Questions are asked of Rot in Banking Culture
Peter Eavis. March 13, 2014. New York Times.
Money laundering, market rigging, tax dodging, selling faulty financial products, trampling homeowner rights and rampant risk-taking — these are some of the sins that big banks have committed in recent years.
Now, some government authorities are publicly questioning whether such misdeeds are not just the work of a few bad actors, but rather a flaw that runs through the fabric of the banking industry. After years of saying little about the behavior of bankers, even as one scandal followed another, regulators are starting to ask: Is there something rotten in bank culture?
At the heart of the issue is an inviolate social contract that bankers are supposed to honor. The government agrees to protect banks from collapse, and in return, bankers are meant to uphold the highest ethics when handling other people’s money.
But when lawbreaking and other missteps proliferate at banks, it is a sign that the industry has stopped cleaving to the special contract, endangering taxpayers. And bad management can be a leading indicator of future financial problems at an institution. “It usually translates into losses down the road,” Mr. Curry said.
It is a concern recently voiced by William C. Dudley, president of the Federal Reserve Bank of New York, the institution that has more day-to-day contact with Wall Street than any other arm of the government. “There is evidence of deep-seated cultural and ethical failures at many large financial institutions,” Mr. Dudley said in a speech that sent a chill through the financial industry last year.
In a recent interview, Mr. Dudley explained why he decided to make such a loaded point about bank culture: “To make it clear that ‘too big to fail’ isn’t the only problem,” he said in his office three blocks from the actual Wall Street in Lower Manhattan. “I don’t want senior bank management to feel, ‘Oh gee, if we solve “too big to fail,” we’re done.’ ”

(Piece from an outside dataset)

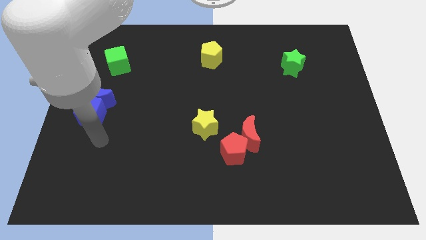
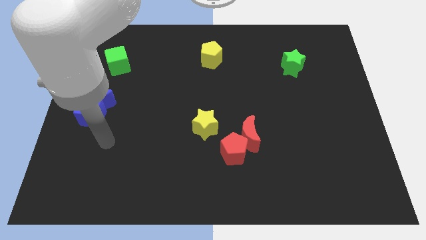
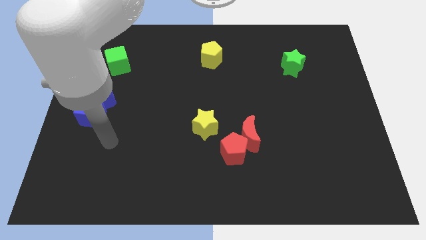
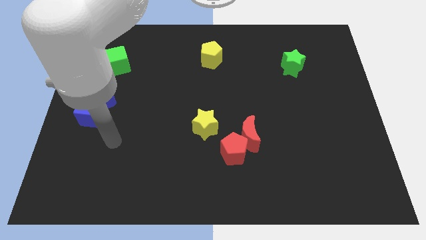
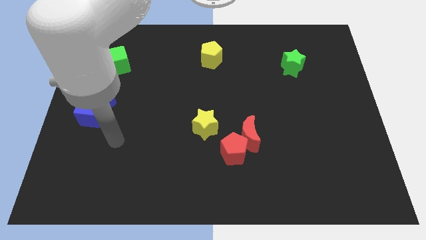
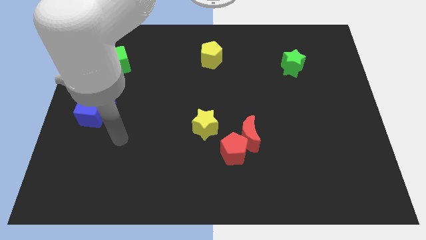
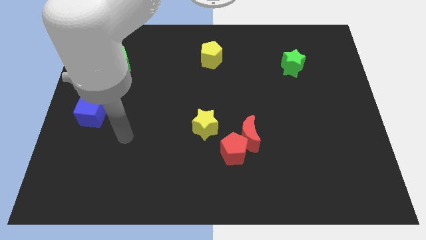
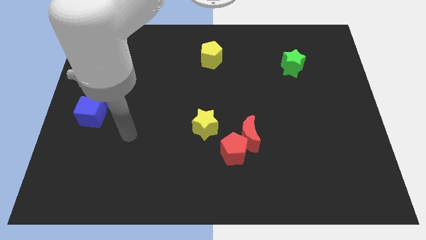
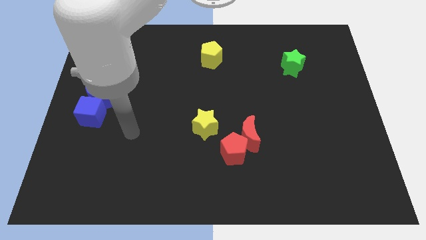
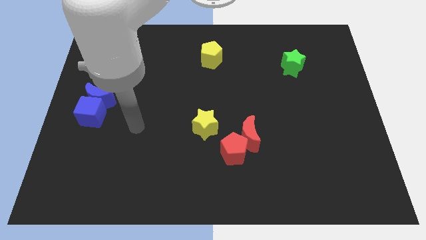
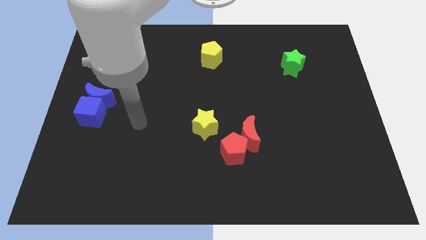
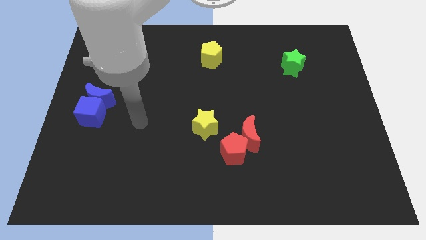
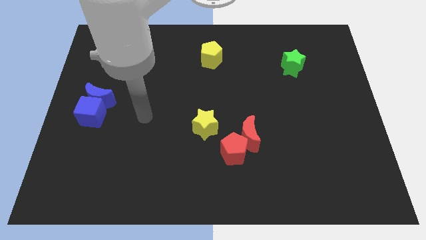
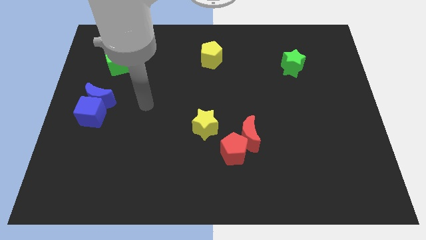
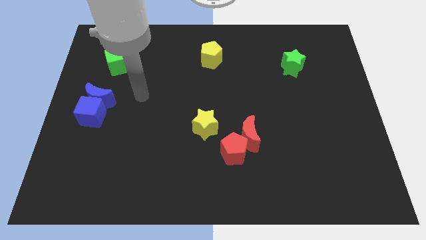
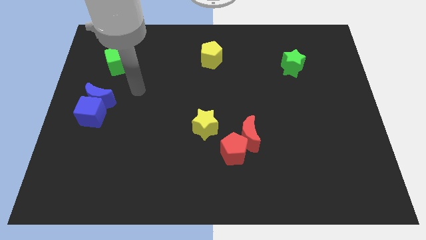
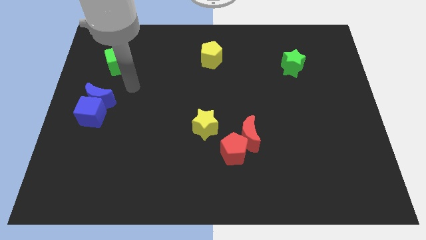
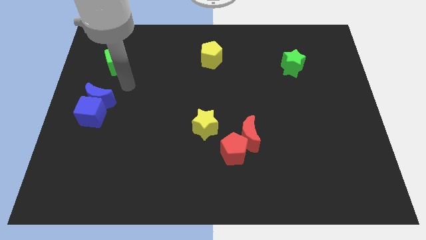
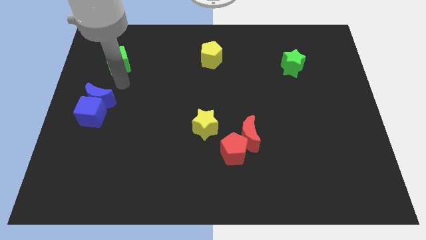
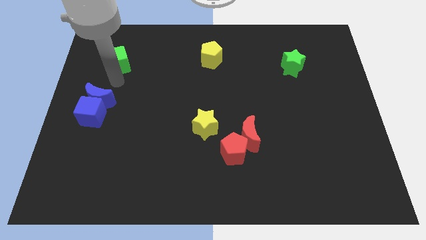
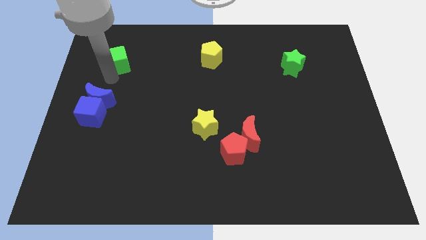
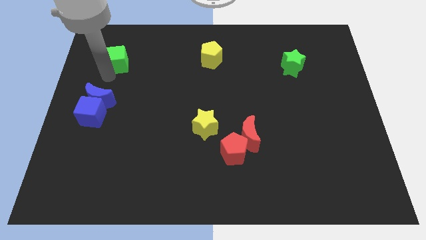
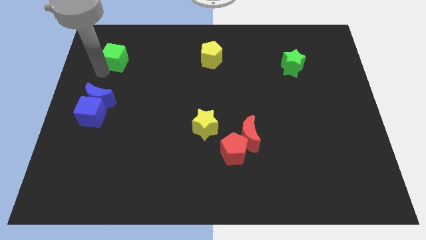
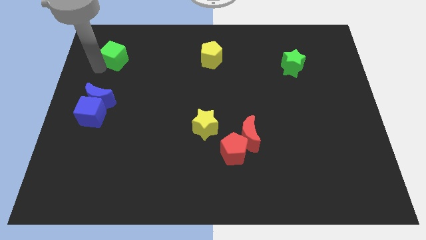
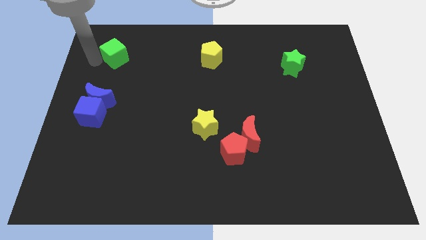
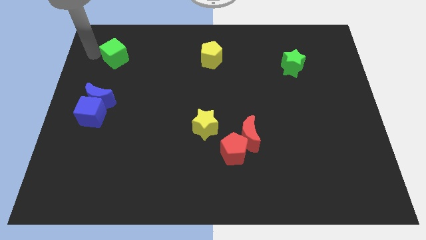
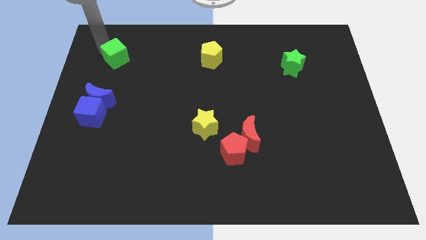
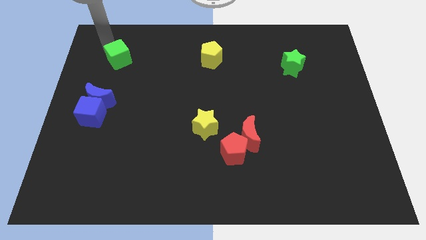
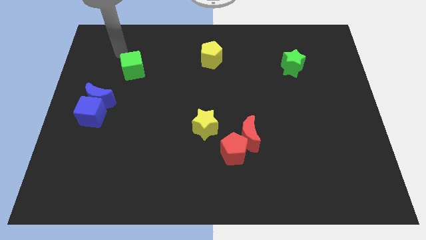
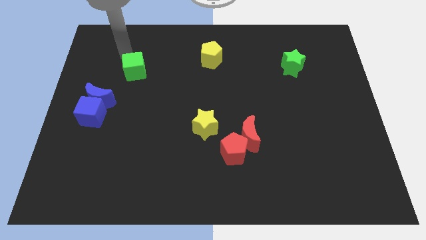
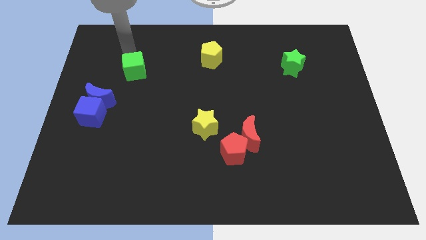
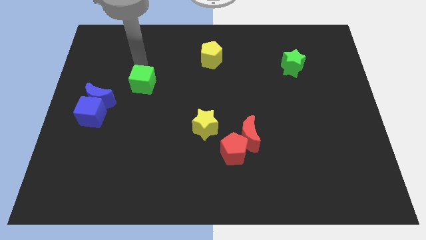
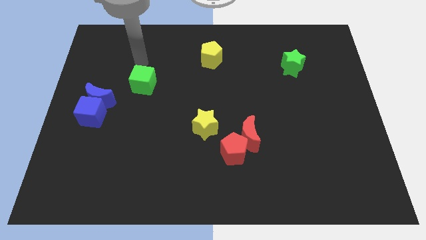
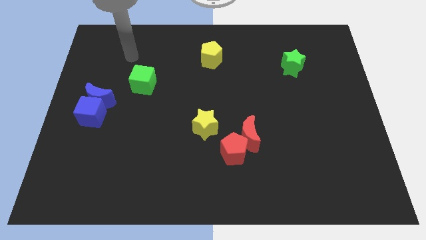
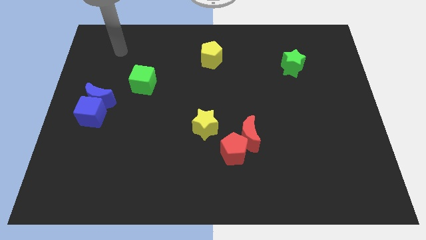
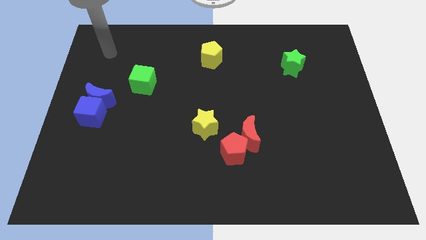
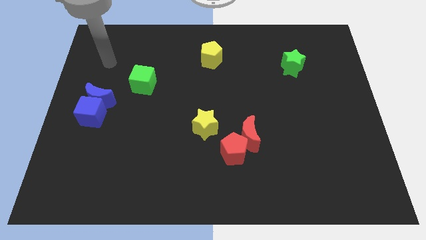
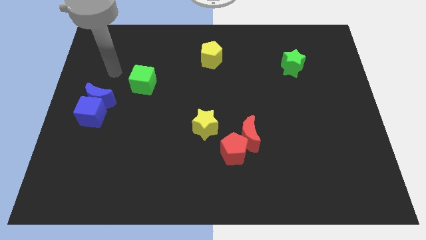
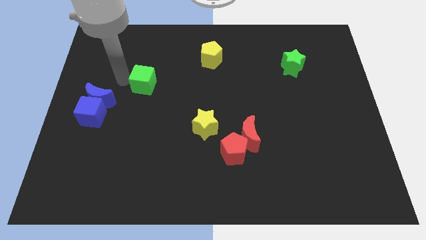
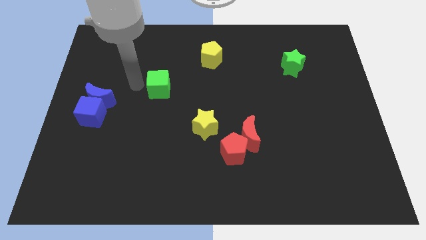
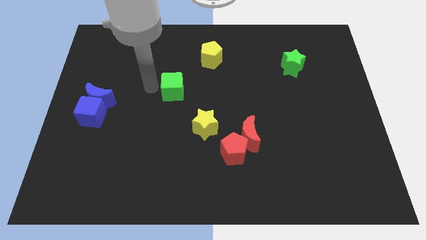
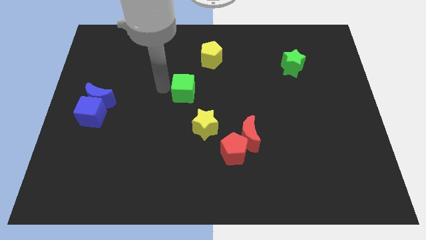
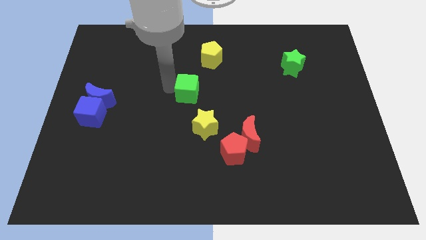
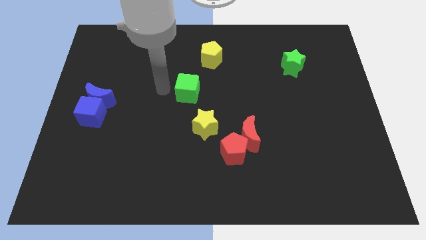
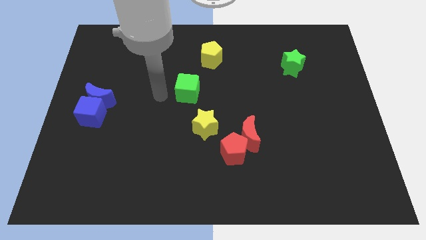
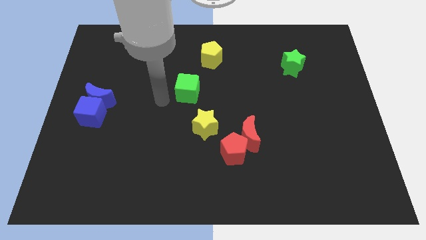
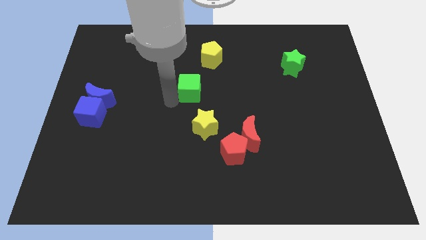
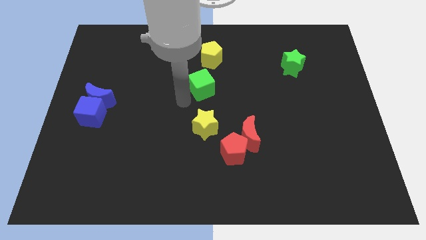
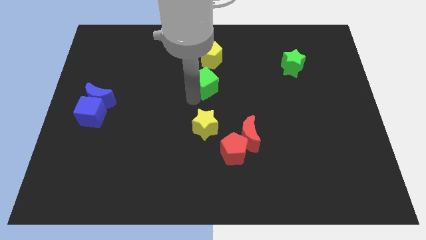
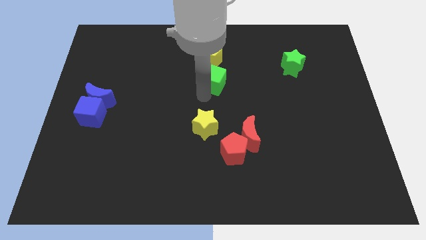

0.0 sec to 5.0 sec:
place the green cube in between the yellow pentagon and yellow star

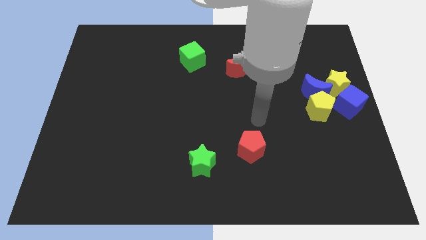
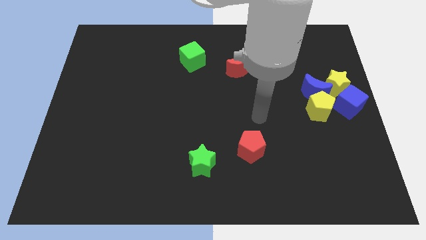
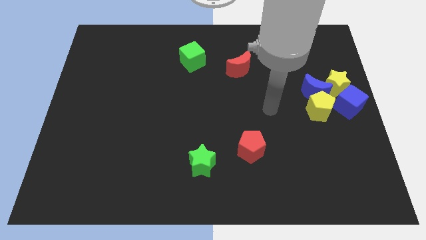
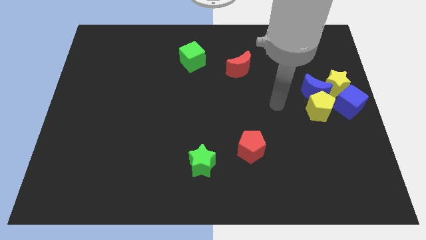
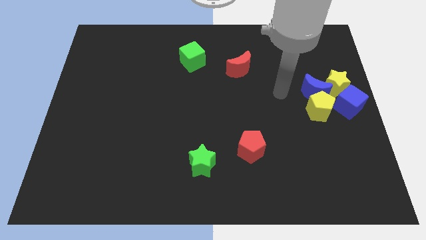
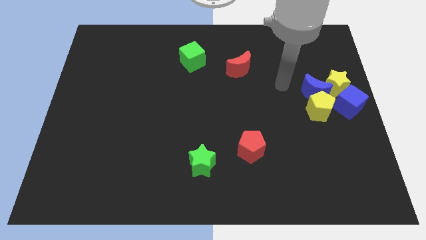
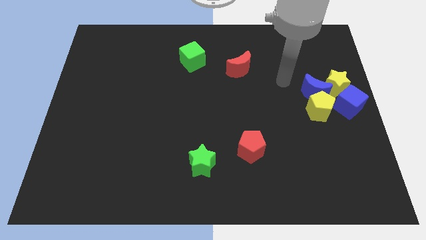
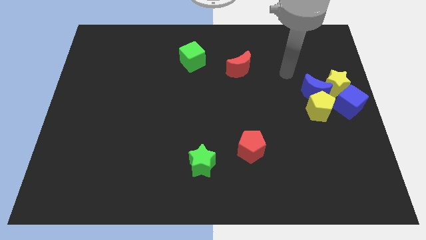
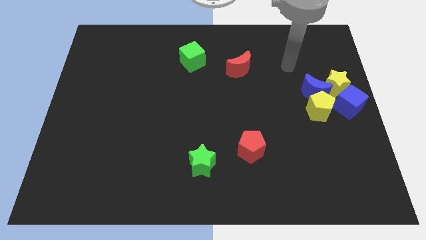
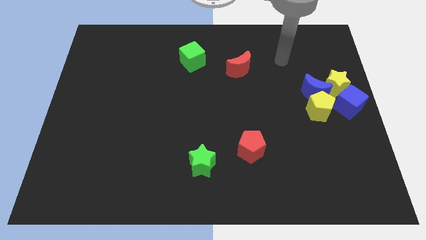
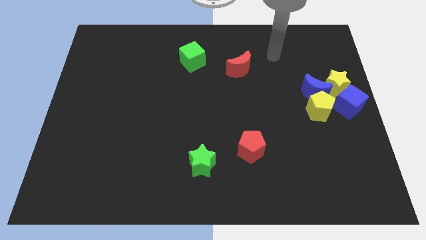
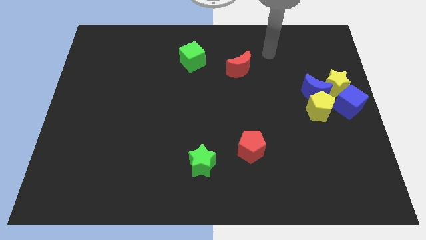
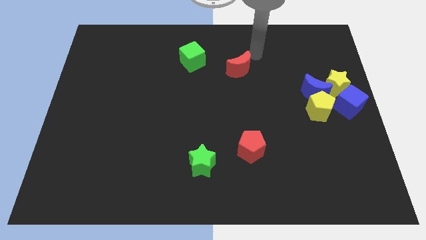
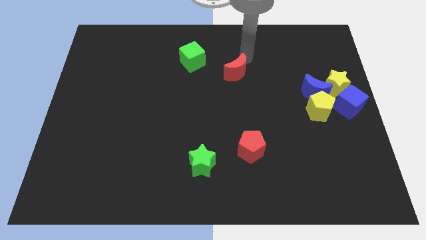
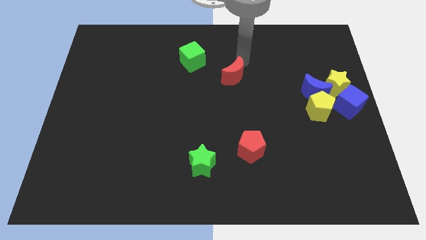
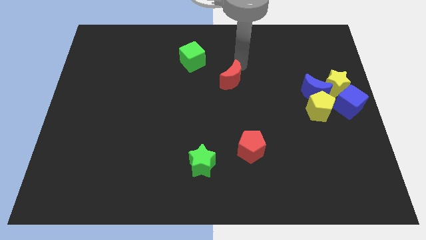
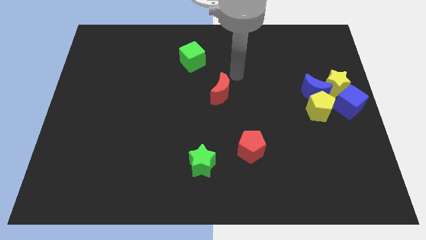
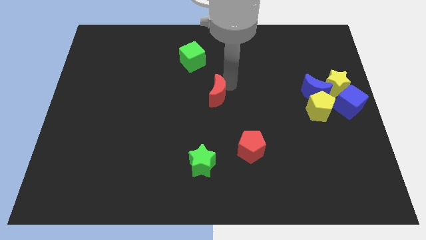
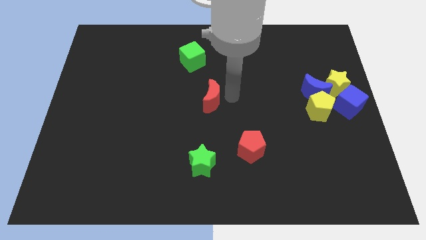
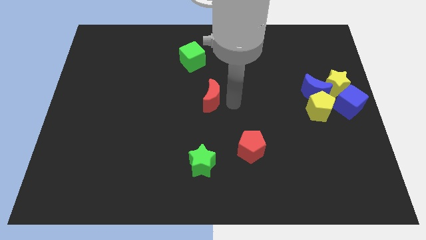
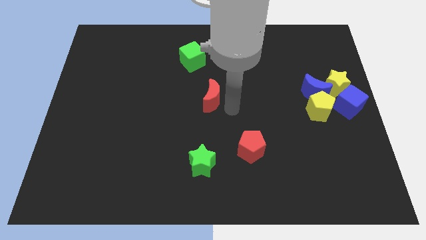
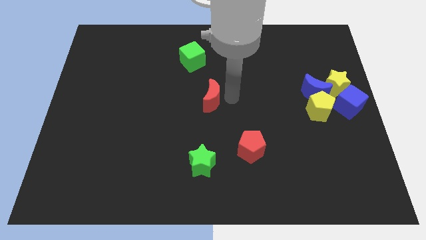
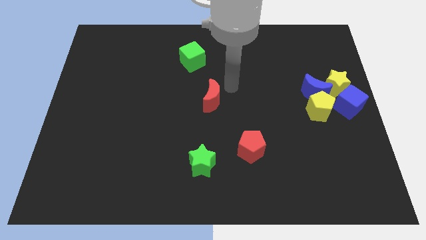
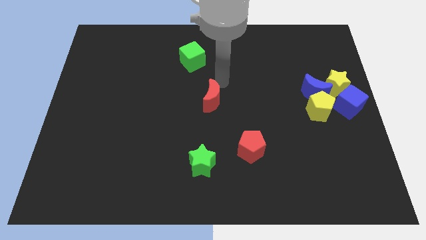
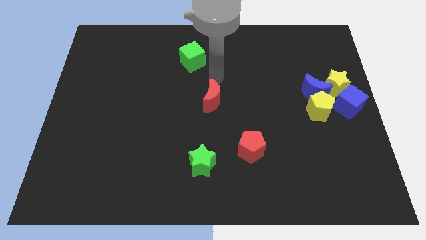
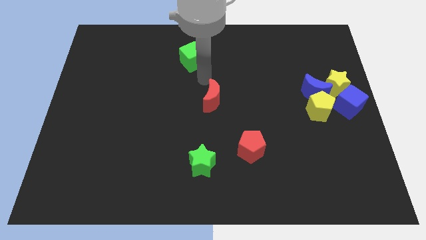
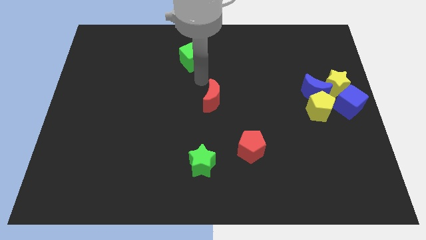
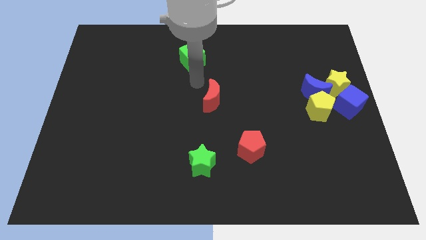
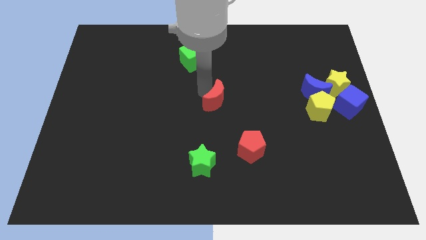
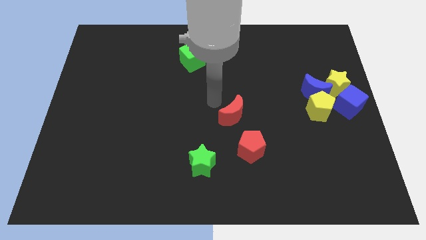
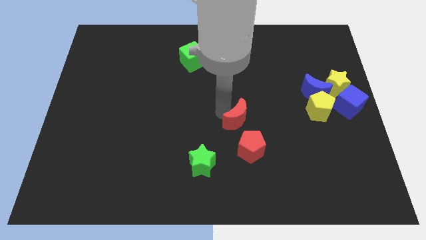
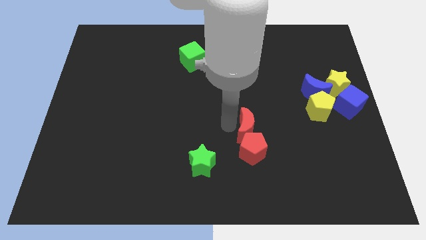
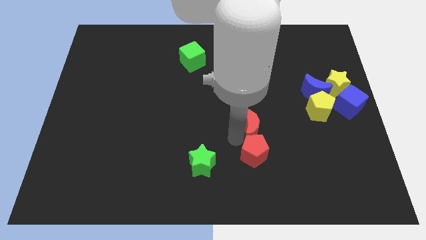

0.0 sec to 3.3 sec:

“Too big to fail” refers to the belief that some banks are so large that if they got into trouble, the government would have to rescue them to prevent their failure from harming the wider economy. Congress and government authorities have taken many steps to put banks on a firmer financial footing, but such efforts do not focus on cleaning up the ethics of large companies.
Other senior regulators are speaking out in a similar vein. Thomas J. Curry, the head of the Office of the Comptroller of the Currency, has recently devoted several speeches to cleaning up the culture of banks. In a recent interview, he gave some insight into how his agency sometimes views its relationship with the banks.
The big question is whether regulators have the resolve to back up their tough words with meaningful punishments. Banks, for instance, have armies of lawyers who deploy strategies like refusing to turn over potential evidence to regulators. And the largest banks make such big profits these days that they can easily absorb the financial penalties the government throws at them. Also, notably, top bank executives did not voice their support for Mr. Dudley after he gave his sharply worded speech on culture.
But boards may have very different priorities from regulators. Directors may not see the need for far-reaching changes if a bank is producing large profits that benefit shareholders.
JPMorgan Chase’s board took steps to hold management accountable after the so-called London Whale trading scandal that engulfed the bank in 2012 and 2013. Still, in January, JPMorgan’s board approved a large raise in the 2013 pay of Jamie Dimon, the bank’s chief executive.
And compensation is one area where bank regulators may need to do more if they want to do more to clean up bank culture, according to critics of the industry.
Wall Street’s compensation practices can reward unhealthy levels of short-term risk-taking and entice bankers into ethical lapses. Acknowledging that, regulators around the world agreed after the crisis to overhaul bankers’ pay, in part by requiring them to wait several years before they receive all of their bonuses. The hope is that bankers will behave better if they know their employers can easily take back the deferred part of their pay.
But there is evidence that large American banks are still deferring much less pay than their European peers. The Fed is in charge of regulating compensation at American banks. When asked whether the pay overhaul at American banks had gone far enough, Mr. Dudley said, “There is potential to defer more compensation for longer periods of time.”
One particularly daunting challenge looms over the efforts to improve the ethics of banks. Some banks may be so large and complex that it would be difficult for managers to maintain a clean culture across all of their operations.